The group welcome feedback on improvements to this file.

Use by UniProt-GOA

- to be included initially as a curator suggestion in Protein2GO.

- the decisions that curators make (whether to use the suggestion/improve upon it/reject it) will be captured and assessed

- after 6 months/sufficient data captured, an analysis of the data will determine whether the file can be used to automatically improve the GO term attached to existing protein binding annotations (e.g. from IntAct - where there are ~18,000 high-quality interactions which only apply 'protein binding' or 'protein self binding' GO terms.

- Possibily the first type of positive annotation suggestions for the curator to be included in protein2go; where the suggestion offerred should be high-quality but not yet the correctness of a production IEA method.

Identified issues

  • there are some very descriptive binding terms - whereas in other places, little information is available - e.g. protease binding, no oxidoreductase activity.
  • there will be cases where >1 term is suggested. In some cases it will be reasonable to capture both in annotations, in others - this could lead to a discussion as to the desirability of certain terms, e.g. glycoprotein binding



Further work

1. Use these suggestions to improve consistency of curation and improve existing protein binding GO annotations.

2. The work has highlighted some terms whose position in the GO hierarchy under protein binding should be improved, and term naming consistency (to be highlighted at a future call).

3. GO to GO mapping

4. InterPro domain binding - add InterPro domain identifiers into c.16, to enable curators to indicate both function + domain in one annotation line.


More Widely: Other ways to improve the _display_ of Protein binding annotations

  • A discussion on the web display of improving the display of GO annotations; showing names rather than identifiers.

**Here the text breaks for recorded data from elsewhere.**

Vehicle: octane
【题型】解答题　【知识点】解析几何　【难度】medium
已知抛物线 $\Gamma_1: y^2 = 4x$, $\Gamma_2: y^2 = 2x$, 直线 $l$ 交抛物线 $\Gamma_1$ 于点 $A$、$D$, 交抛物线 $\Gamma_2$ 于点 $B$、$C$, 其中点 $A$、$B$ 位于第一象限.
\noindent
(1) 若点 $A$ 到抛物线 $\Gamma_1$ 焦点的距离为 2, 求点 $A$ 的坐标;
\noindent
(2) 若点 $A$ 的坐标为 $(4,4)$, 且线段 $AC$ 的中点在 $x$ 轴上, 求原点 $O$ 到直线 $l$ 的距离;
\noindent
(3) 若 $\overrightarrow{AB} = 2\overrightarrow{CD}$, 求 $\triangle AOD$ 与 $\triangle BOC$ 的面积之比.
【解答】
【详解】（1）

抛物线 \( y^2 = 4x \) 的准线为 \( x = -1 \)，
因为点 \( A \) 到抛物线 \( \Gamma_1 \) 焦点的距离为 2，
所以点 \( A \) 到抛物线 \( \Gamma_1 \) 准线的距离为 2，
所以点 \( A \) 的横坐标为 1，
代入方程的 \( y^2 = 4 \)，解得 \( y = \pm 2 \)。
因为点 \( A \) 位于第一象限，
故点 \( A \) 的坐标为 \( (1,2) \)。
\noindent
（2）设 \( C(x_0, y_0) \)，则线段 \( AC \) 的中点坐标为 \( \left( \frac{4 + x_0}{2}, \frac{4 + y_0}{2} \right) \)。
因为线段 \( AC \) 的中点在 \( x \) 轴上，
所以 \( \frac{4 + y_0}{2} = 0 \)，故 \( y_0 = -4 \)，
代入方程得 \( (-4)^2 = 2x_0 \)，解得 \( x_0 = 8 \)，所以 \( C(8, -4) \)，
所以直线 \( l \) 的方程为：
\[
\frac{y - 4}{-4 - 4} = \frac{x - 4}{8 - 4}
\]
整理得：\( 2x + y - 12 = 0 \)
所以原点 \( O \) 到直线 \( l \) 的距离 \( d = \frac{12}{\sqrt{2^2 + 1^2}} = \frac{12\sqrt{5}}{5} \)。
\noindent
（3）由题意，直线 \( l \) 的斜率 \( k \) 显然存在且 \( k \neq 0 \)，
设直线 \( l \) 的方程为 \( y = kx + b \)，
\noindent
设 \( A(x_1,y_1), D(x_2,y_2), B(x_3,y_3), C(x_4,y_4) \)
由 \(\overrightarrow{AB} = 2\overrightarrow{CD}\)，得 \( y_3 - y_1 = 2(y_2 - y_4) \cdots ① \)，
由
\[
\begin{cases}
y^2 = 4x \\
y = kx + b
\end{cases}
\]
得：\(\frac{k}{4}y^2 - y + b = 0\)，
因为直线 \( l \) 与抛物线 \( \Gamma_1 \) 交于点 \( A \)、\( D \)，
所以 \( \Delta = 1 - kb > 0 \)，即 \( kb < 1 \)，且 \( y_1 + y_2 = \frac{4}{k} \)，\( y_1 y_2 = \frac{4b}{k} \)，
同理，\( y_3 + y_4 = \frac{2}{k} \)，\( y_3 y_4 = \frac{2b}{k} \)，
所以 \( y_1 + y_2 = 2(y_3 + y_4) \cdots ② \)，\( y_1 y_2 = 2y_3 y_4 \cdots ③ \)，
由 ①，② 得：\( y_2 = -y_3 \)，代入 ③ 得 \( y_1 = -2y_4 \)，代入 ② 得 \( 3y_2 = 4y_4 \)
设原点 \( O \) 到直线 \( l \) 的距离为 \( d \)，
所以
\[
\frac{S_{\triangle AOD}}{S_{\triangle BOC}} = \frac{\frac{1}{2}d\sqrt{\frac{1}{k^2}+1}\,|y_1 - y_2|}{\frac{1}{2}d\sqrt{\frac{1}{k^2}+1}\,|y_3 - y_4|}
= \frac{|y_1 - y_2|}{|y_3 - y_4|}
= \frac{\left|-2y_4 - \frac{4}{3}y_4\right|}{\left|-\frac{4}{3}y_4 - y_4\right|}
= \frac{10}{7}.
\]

However a large number of proteins have an obscure name and users will not be able to use the hierarchy structure of GO, therefore this would not negate the desirability for use of more specific GO terms.

  • LEGO might be able to give us a more of a network view - so users can easily move from viewing the activities of one protein, to those in its immediate neighbourhood. However, LEGO will take time to be formalized, for the LEGO curation tool to become available and creation of a complementary display GO annotations will continue to be displayed in a list format for individual proteins on many database web pages for years to come. This project is looking to easily improve the information content to users _now_ and is not incompatible with longer-term LEGO-focused annotation improvements.